Little Six rubbed the back of his skull. “Chief, look — dressed that finely and elegantly, obviously not ordinary common folk.”
Chief Cheng said: “They dress nicely, so they’re bad people?”
Little Six said: “Dressing nicely might not mean bad people — but they’re all better-looking than me too. *That* definitely means they’re not good people.”
He pointed at the approaching figures: “Chief, look at those two silk-clad pretty boys — do they look like good people? One glance is enough — plainly the kind of wastrels who’ve ruined the lives of countless decent young women.”
“Then look at that black-robed fat man. Before I saw him, I always thought you were the most handsome fat man in existence, Chief. But he’s actually more handsome than you.”
Little Six asked Chief Cheng: “Can we accept this?”
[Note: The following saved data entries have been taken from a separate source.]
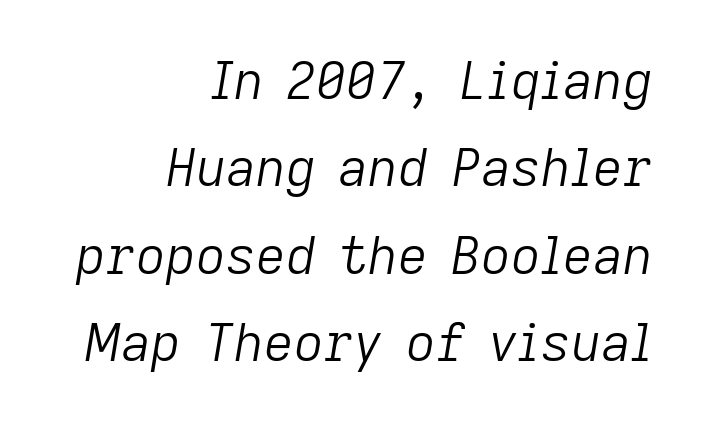
Q: Is the text bold? A: No.
Q: Is the text italic (slanted)? A: Yes, it leans right by about 9 degrees.
Q: Is the text underlined? A: No.
Q: How is the paragraph aligned? A: Right-aligned.
Q: Is the spacing between letters normal or unusually wide? A: Normal.
Q: Is the spacing between lines tight, normal or loose? A: Normal.
Q: Width (condensed, normal, or wide)? A: Normal.
Q: Stroke contrast? A: Low.
Q: x-height? A: Medium.
Q: Monospaced? A: No.
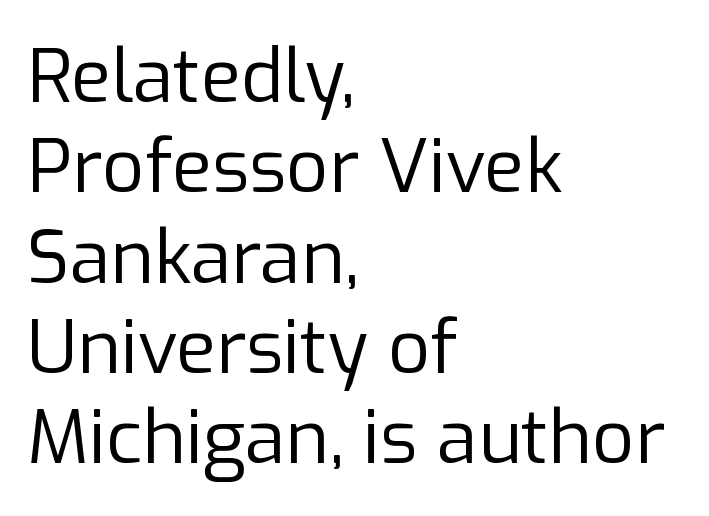
{"serif": "no", "italic": "no", "bold": "no", "weight": "regular", "width": "normal", "stroke_contrast": "low", "x_height": "medium", "monospaced": "no", "underline": "no", "align": "left", "line_spacing_ratio": 1.22, "letter_spacing": "normal", "letter_spacing_em": 0.0, "glyph_px": 74}

Chief Cheng shook his head: “We cannot.”
He asked: “And the last one?”
Little Six said: “That one’s probably not a bad person — since he’s not good-looking. We can let him go.”
As for how Yu Jiuling might react if he heard that — who could say.
Chief Cheng said: “I think you’ve got a point. Pretty boys — never any good, the lot of them.”
Little Six said: “Rob them!”
“Rob them!”
Chief Cheng raised his hand: “Move!”
Two or three dozen people came howling and charging down the hillside, blocking the road, weapons leveled at the four figures coming toward them.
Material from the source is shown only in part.